Sanità, “no” dei medici alle visite a tempo: non si cura con il cronometro
Una visita oncologica? Non può durare più di 20 minuti. Un’ecografia ostetrica o ginecologica? Altrettanto. Mezz’ora, invece, è concessa per una gastroscopia, 35 minuti se occorre fare anche la biopsia di una o più sedi di esofago, stomaco o duodeno. Sono solo alcuni esempi tratti da uno dei “tempari” delle prestazioni specialistiche ambulatoriali che, come denuncia la Federazione nazionale degli Ordini dei medici (Fnomceo), che in una mozione ha chiesto il ritiro dei provvedimenti, «alcune regioni hanno imposto per decreto, senza consultare i rappresentanti dei medici e della sanità».
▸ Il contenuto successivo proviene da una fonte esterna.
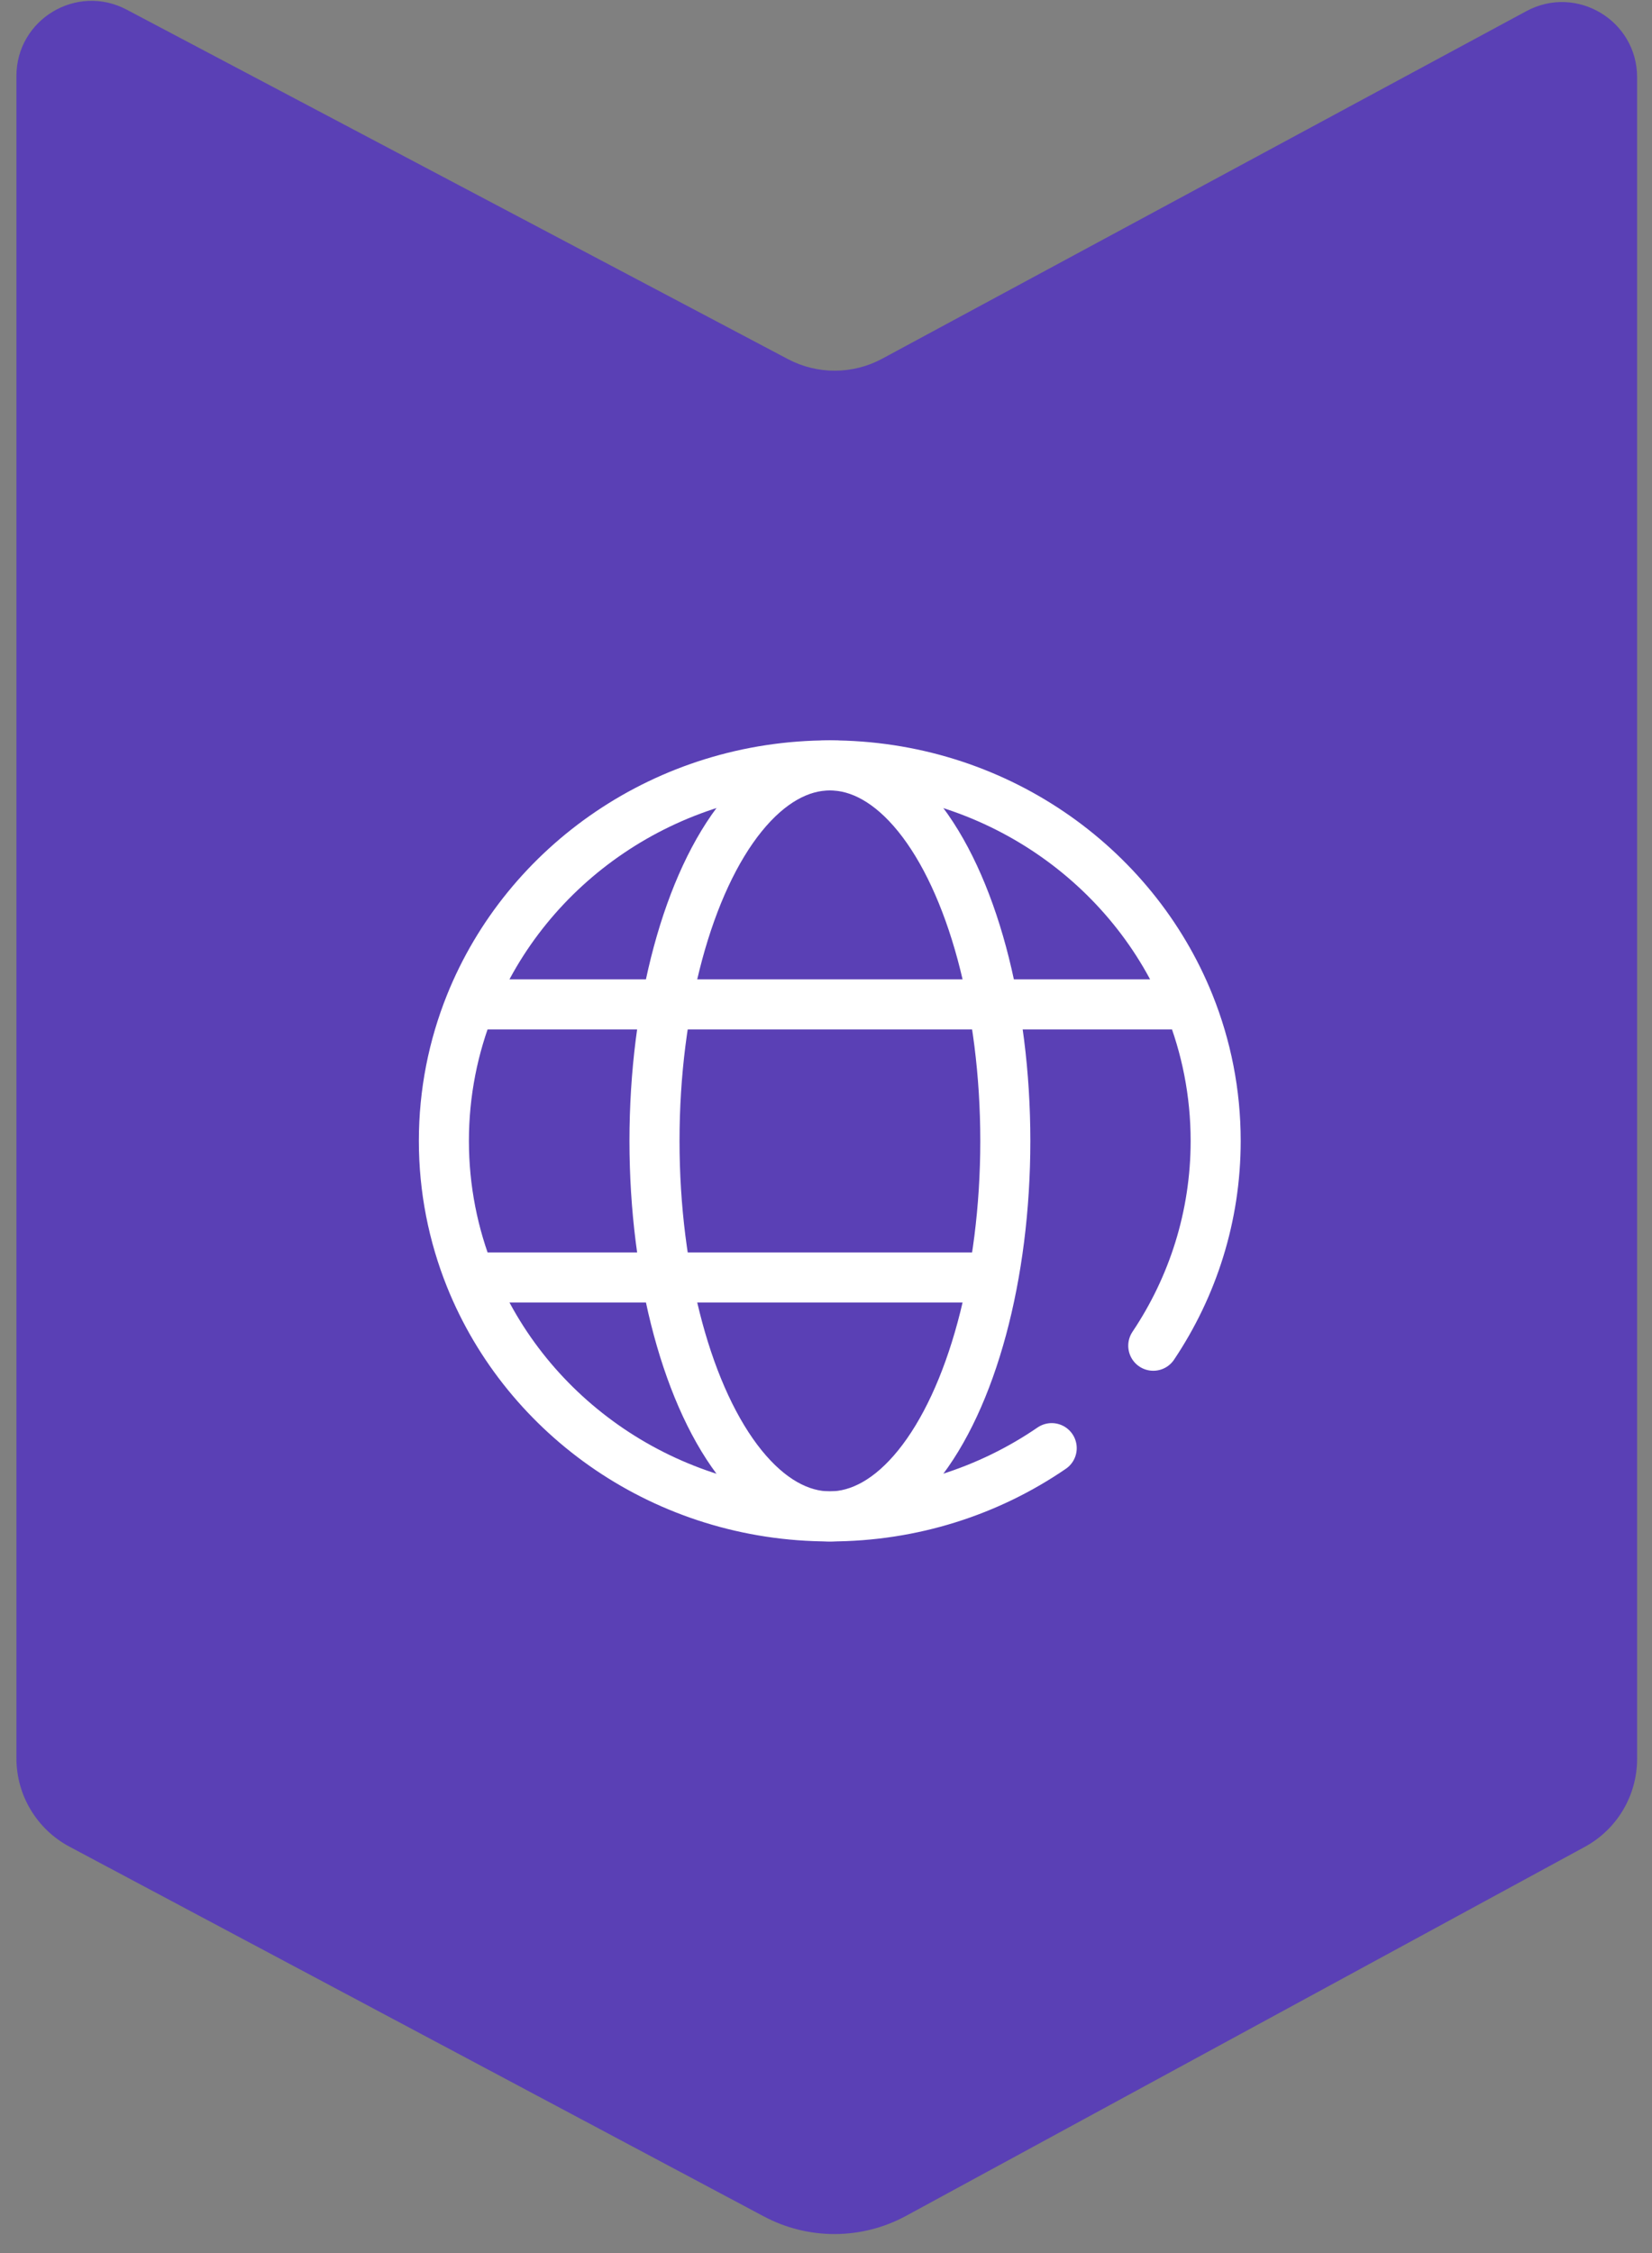<svg width="66" height="90" viewBox="0 0 66 90" fill="none" xmlns="http://www.w3.org/2000/svg">
<rect x="0" y="0" width="66" height="90" fill="#808080" stroke="none"/>
<path d="M31.479 14.345L5.058 0.384C3.06 -0.671 0.656 0.777 0.656 3.037V70.236C0.656 71.715 1.472 73.072 2.776 73.767L30.518 88.537C32.297 89.484 34.432 89.475 36.203 88.512L63.315 73.774C64.603 73.074 65.405 71.725 65.405 70.26V3.086C65.405 0.815 62.979 -0.633 60.981 0.445L35.247 14.328C34.072 14.962 32.659 14.968 31.479 14.345Z" fill="#5A40B5"/>
<path d="M42.017 57.847C39.51 59.565 36.451 60.574 33.151 60.574C26.614 60.574 21.028 56.616 18.785 51.029M46.075 53.756C47.651 51.403 48.568 48.593 48.568 45.574C48.568 43.65 48.195 41.81 47.517 40.12M18.785 40.12C18.107 41.81 17.734 43.65 17.734 45.574C17.734 47.498 18.107 49.338 18.785 51.029M18.785 40.12C21.028 34.532 26.614 30.574 33.151 30.574C39.688 30.574 45.274 34.532 47.517 40.12M18.785 40.12H47.517M18.785 51.029H39.458" stroke="white" stroke-width="2" stroke-linecap="round"/>
<ellipse cx="33.156" cy="45.574" rx="7.008" ry="15" stroke="white" stroke-width="2"/>
</svg>

I tempi dell’industria non applicabili alla sanità
Nella mozione i medici ribadiscono «che il rapporto numero di prestazioni-unità di tempo, proprio dell’industria manifatturiera, non è applicabile alla sanità». La Fnomceo denuncia, quindi, il pericolo per la salute dei pazienti e lo svilimento della relazione di cura e chiede «il ritiro delle disposizioni sui tempari nelle regioni nelle quali sono stati approvati senza la consultazione della professione».
Chiesto alle Regioni il ritiro del provvedimento
La protesta dei medici sta assumendo toni molto duri: «Non voglio neppure pensare di non poter prolungare un’ecografia morfologica sino a che non ho la piena certezza che il feto sia sano, o di non potermi prendere tutto il tempo necessario per comunicare una diagnosi infausta, solo per rimanere nell’ambito della mia esperienza di radiologo», ha affermato Roberta Chersevani, presidente della Fnomceo. «Il nostro codice deontologico – ha concluso – ribadisce a chiare lettere che anche il tempo di comunicazione è tempo di cura. Vogliamo un codice fuorilegge? Una relazione di cura o a ore oppure clandestina? Vogliamo lesinare la quantità di cura erogata ai nostri pazienti, misurandola col cronometro? Il mondo della sanità non può accettarlo».